Texte intégral
MINUTE N° : 25/00130
JUGEMENT DU : 24 Février 2025
N° Rôle : N° RG 22/04768 - N° Portalis DBX4-W-B7G-RKVI
AFFAIRE : [M] , C/ [B]
OBJET : 2AA Action en recherche de paternité
TRIBUNAL JUDICIAIRE DE TOULOUSE
CHAMBRE DU CONSEIL
COMPOSITION DU TRIBUNAL :
Lors des débats, Solène TORS, Juge au Tribunal judiciaire de TOULOUSE, qui, sans opposition des avocats des parties, conformément à l’article 786 du Code de Procédure Civile, en a rendu compte au Tribunal dans la composition suivante:
Président : Solène TORS, Juge
Assesseurs : Jennifer JOUHIER, Vice-Présidente
Lucile DULIN, Vice-Présidente
Greffier : Cédric ROUQUET, Greffier
Ministère public : Sterenn HELL, Vice-Procureure
DEBATS: à l’audience non publique du 20 Janvier 2025, en présence du ministère public, après rapport oral de Solène TORS, Juge, juge de la mise en état, conformément à l’article 804 du code de procédure civile, qui a tenu seule l’audience pour entendre les plaidoiries, et qui en a rendu compte au tribunal dans son délibéré en application de l’article 805 du même code.
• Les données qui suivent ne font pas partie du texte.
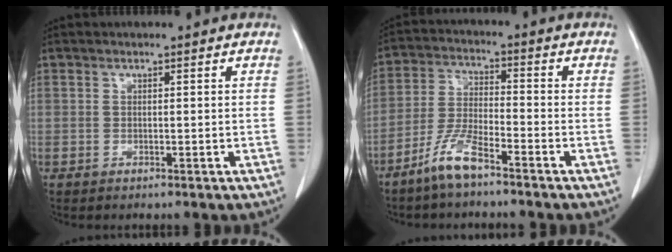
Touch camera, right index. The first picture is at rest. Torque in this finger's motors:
{"motor_torque": [0.21, -0.27, 0.15, 0.04]}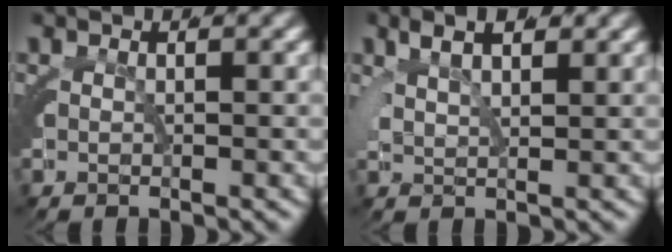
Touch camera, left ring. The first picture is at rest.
{"total": 3.9, "force": [2.0, 2.7, 2.1], "torque": [-0.042, 0.006, 0.027]}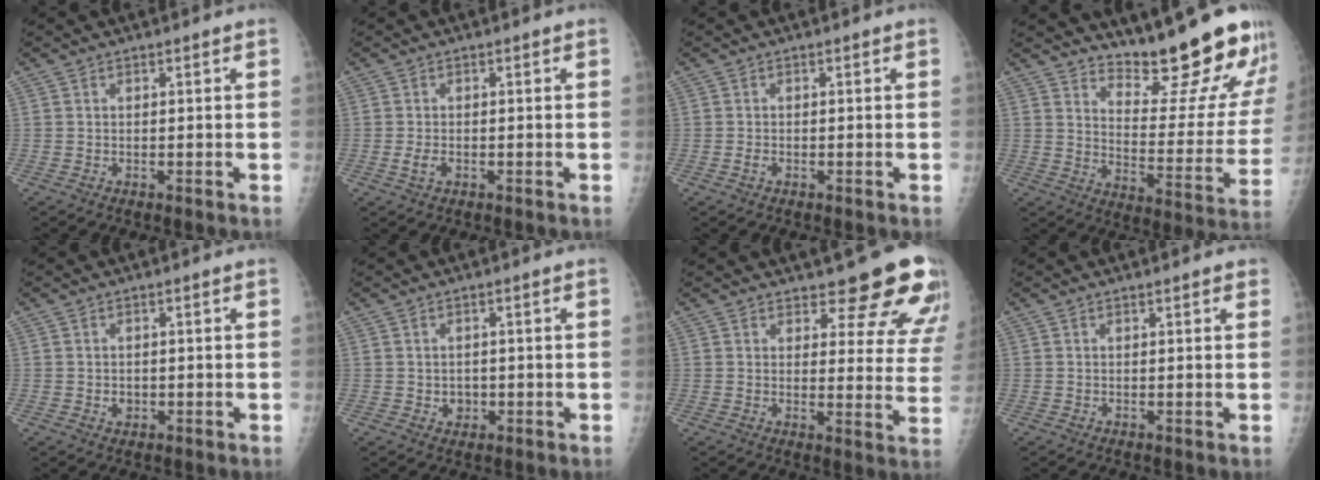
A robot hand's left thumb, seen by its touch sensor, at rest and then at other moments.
{"total": 2.0, "force": [-0.5, 1.3, 1.5], "torque": [-0.028, -0.001, -0.011]}
{"total": 0.9, "force": [-0.3, 0.6, 0.5], "torque": [-0.009, 0.000, -0.008]}
{"total": 20.1, "force": [17.8, 3.7, 8.7], "torque": [-0.084, -0.166, 0.241]}
{"total": 1.6, "force": [-0.2, 1.4, 0.7], "torque": [-0.005, 0.001, 0.002]}
{"total": 2.2, "force": [-0.2, 2.0, 0.9], "torque": [-0.003, 0.002, 0.001]}
{"total": 14.3, "force": [12.1, 4.7, 6.0], "torque": [-0.024, -0.082, 0.126]}
{"total": 1.3, "force": [0.9, 0.5, 0.7], "torque": [-0.007, -0.002, 0.010]}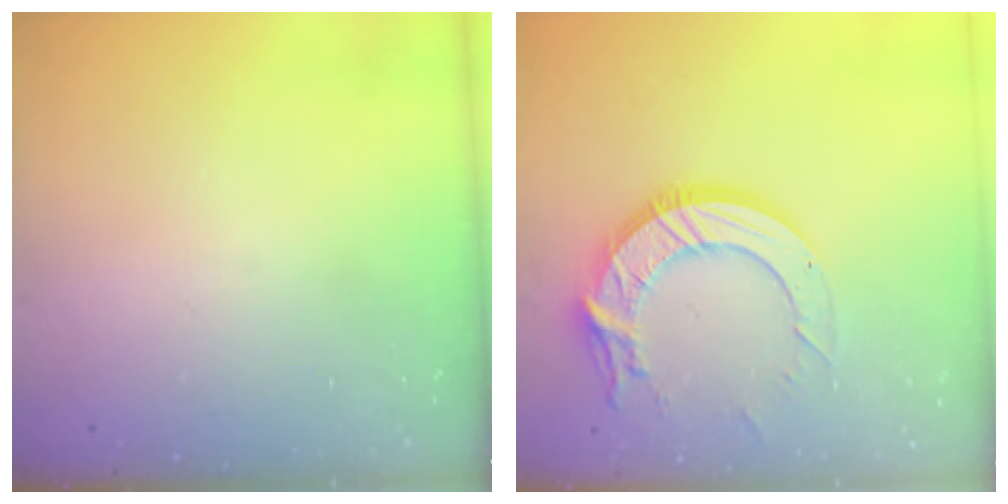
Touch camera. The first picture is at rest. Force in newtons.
{"total": 15.3, "press": 15.2, "slide": 1.5}

JUGEMENT : en premier ressort, prononcé par mise à disposition au greffe conformément aux dispositions des article 450 à 453 du Code de Procédure Civile, par Solène TORS, Juge.
Ordonnance de clôture en date du 06 Janvier 2025
Dans l’affaire qui a fait l’objet de l’assignation en date du 08 Novembre 2022 par :
DEMANDEUR:
Madame [X] [M] en qualité de représentante légale de l’enfant mineure [G] [M] née le [Date naissance 4] à [Localité 16]
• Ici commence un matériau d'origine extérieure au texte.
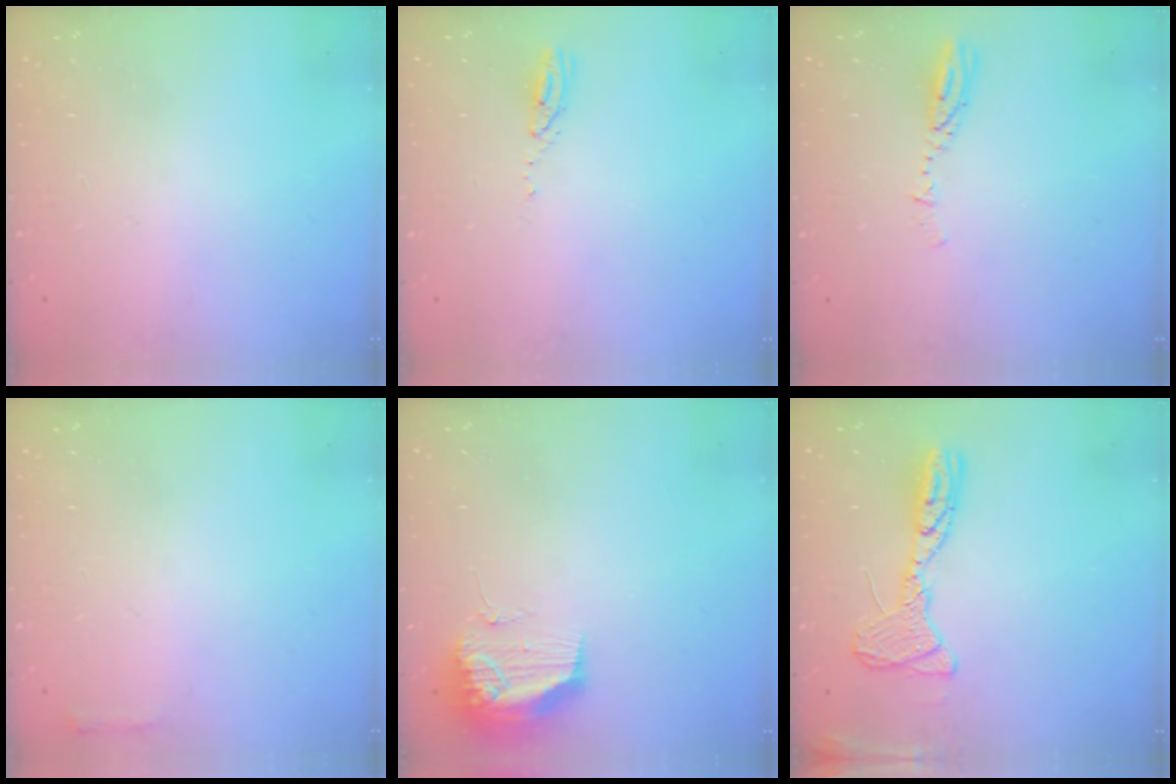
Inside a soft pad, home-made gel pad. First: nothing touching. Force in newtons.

née le [Date naissance 1] 1985 à [Localité 14] (ALGERIE)
de nationalité Algérienne
[Adresse 8]
représentée par Me Lise GAILLOT, avocat au barreau de TOULOUSE, vestiaire : 81
(bénéficie d’une aide juridictionnelle Totale numéro 2022/018256 du 19/10/2022 accordée par le bureau d’aide juridictionnelle de [Localité 16])
à l’encontre de:
DEFENDEUR
Monsieur [P] [B]
né le [Date naissance 5] 1965 à [Localité 13] (ALGERIE)
de nationalité Algérienne
Profession : Agent de nettoyage
[Adresse 6]
représenté par Me Assia DERBALI, avocat au barreau de TOULOUSE, vestiaire : 333
EXPOSÉ DU LITIGE
Le [Date naissance 2] octobre 2019 à [Localité 16], Madame [X] [M], née le [Date naissance 7] 1985 à [Localité 14] (ALGERIE), de nationalité algérienne, a donné naissance à [G] [M] du sexe féminin.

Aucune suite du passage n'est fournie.